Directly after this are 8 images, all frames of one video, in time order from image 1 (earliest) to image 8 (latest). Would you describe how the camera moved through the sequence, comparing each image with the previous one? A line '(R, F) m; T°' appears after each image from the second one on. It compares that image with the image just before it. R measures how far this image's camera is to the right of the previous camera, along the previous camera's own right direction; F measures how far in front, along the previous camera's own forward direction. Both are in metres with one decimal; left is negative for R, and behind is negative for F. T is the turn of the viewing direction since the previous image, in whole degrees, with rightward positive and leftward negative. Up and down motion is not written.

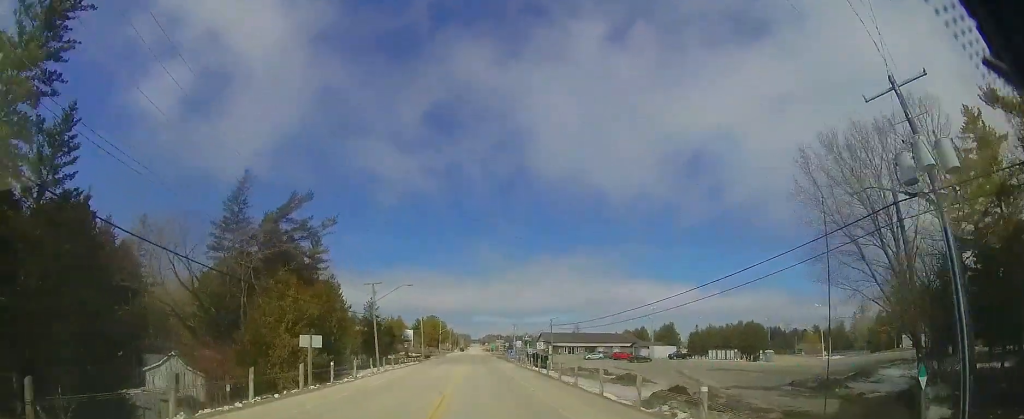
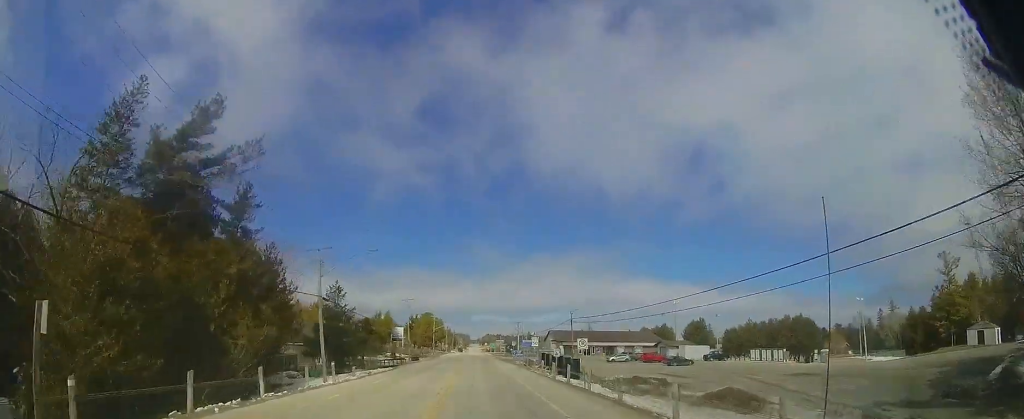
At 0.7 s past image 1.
(0.0, +13.4) m; 0°
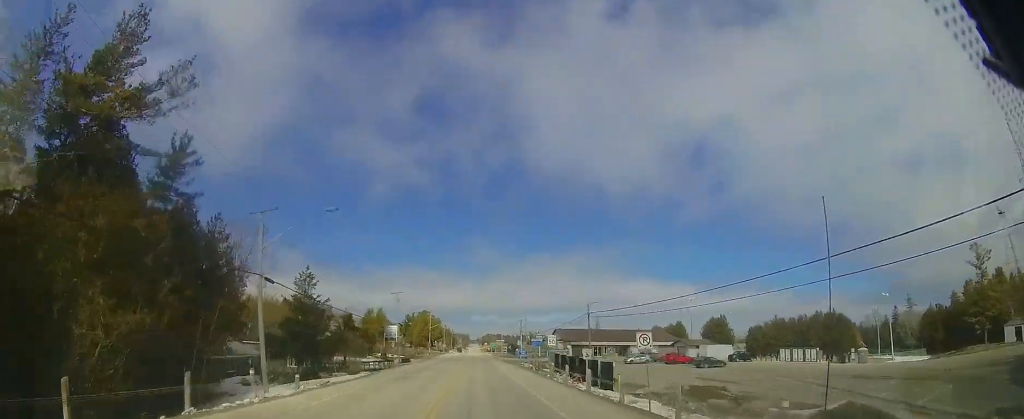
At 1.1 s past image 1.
(0.0, +7.3) m; 0°
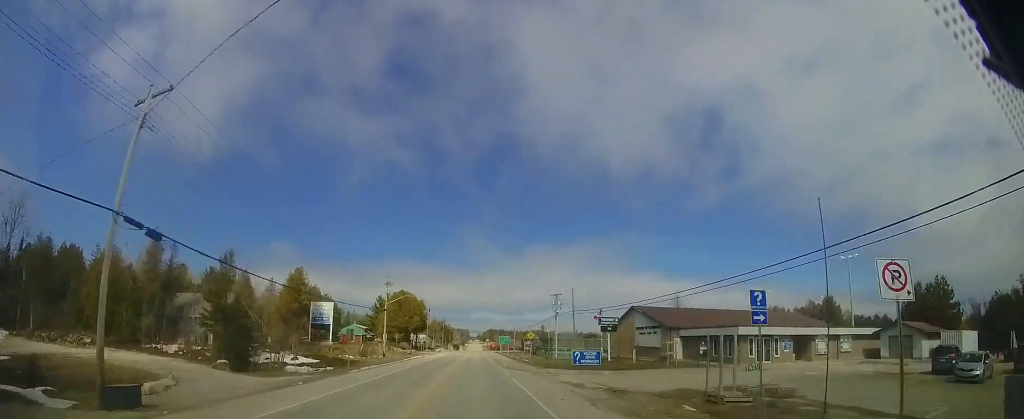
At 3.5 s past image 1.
(0.0, +42.6) m; 0°
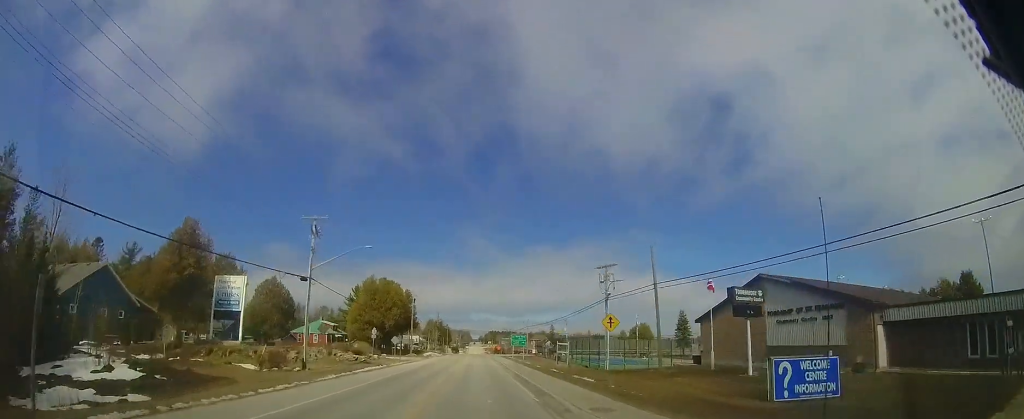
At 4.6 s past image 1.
(+0.2, +21.1) m; +2°
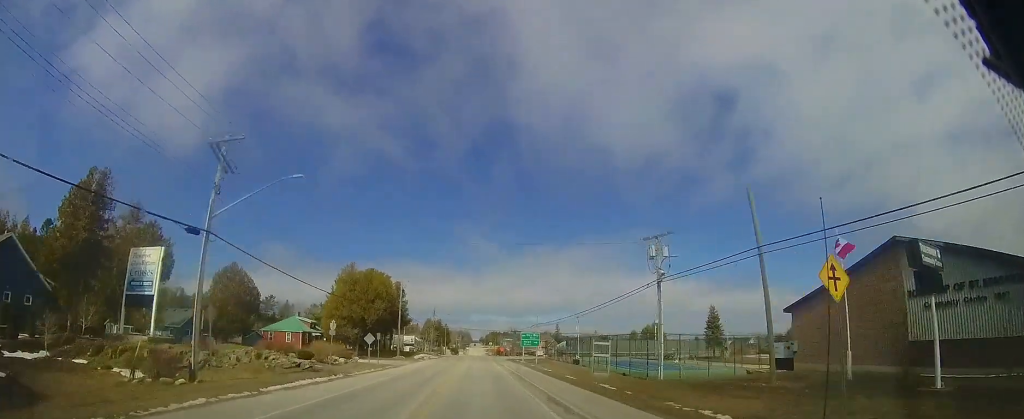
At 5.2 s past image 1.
(0.0, +10.2) m; +1°
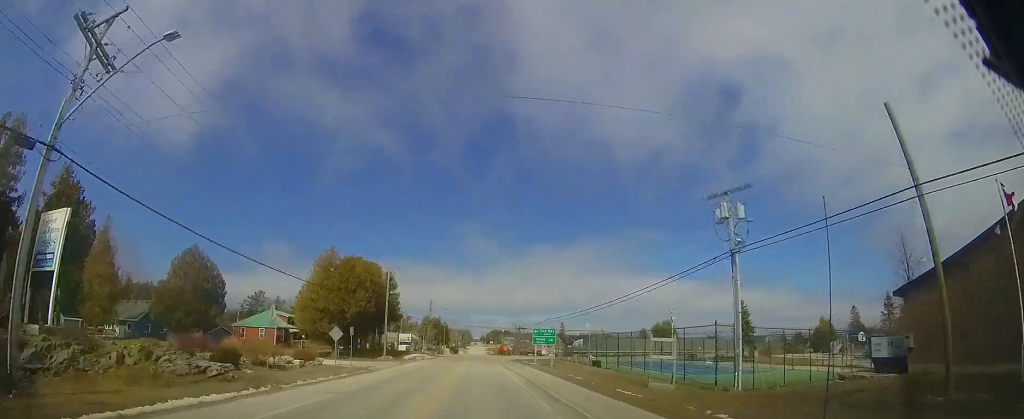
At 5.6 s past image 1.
(+0.1, +7.7) m; -1°
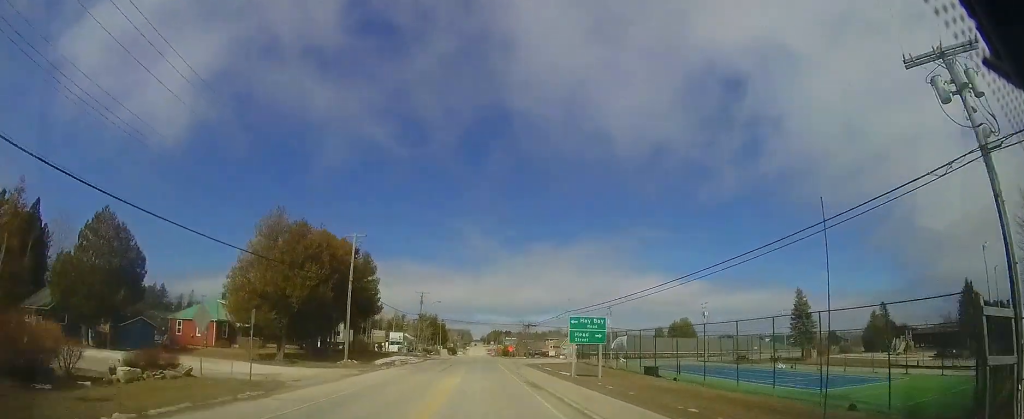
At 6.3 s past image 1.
(+0.1, +12.4) m; -2°

[What is expected]
Transcribe each entry exactly, pictures excluded.

[Reply]
Directly after this are 8 images, all frames of one video, in time order from image 1 (earliest) to image 8 (latest). Would you describe how the camera moved through the sequence, comparing each image with the previous one? A line '(R, F) m; T°' appears after each image from the second one on. It compares that image with the image just before it. R measures how far this image's camera is to the right of the previous camera, along the previous camera's own right direction; F measures how far in front, along the previous camera's own forward direction. Both are in metres with one decimal; left is negative for R, and behind is negative for F. T is the turn of the viewing direction since the previous image, in whole degrees, with rightward positive and leftward negative. Up and down motion is not written.

At 0.7 s past image 1.
(0.0, +13.4) m; 0°
At 1.1 s past image 1.
(0.0, +7.3) m; 0°
At 3.5 s past image 1.
(0.0, +42.6) m; 0°
At 4.6 s past image 1.
(+0.2, +21.1) m; +2°
At 5.2 s past image 1.
(0.0, +10.2) m; +1°
At 5.6 s past image 1.
(+0.1, +7.7) m; -1°
At 6.3 s past image 1.
(+0.1, +12.4) m; -2°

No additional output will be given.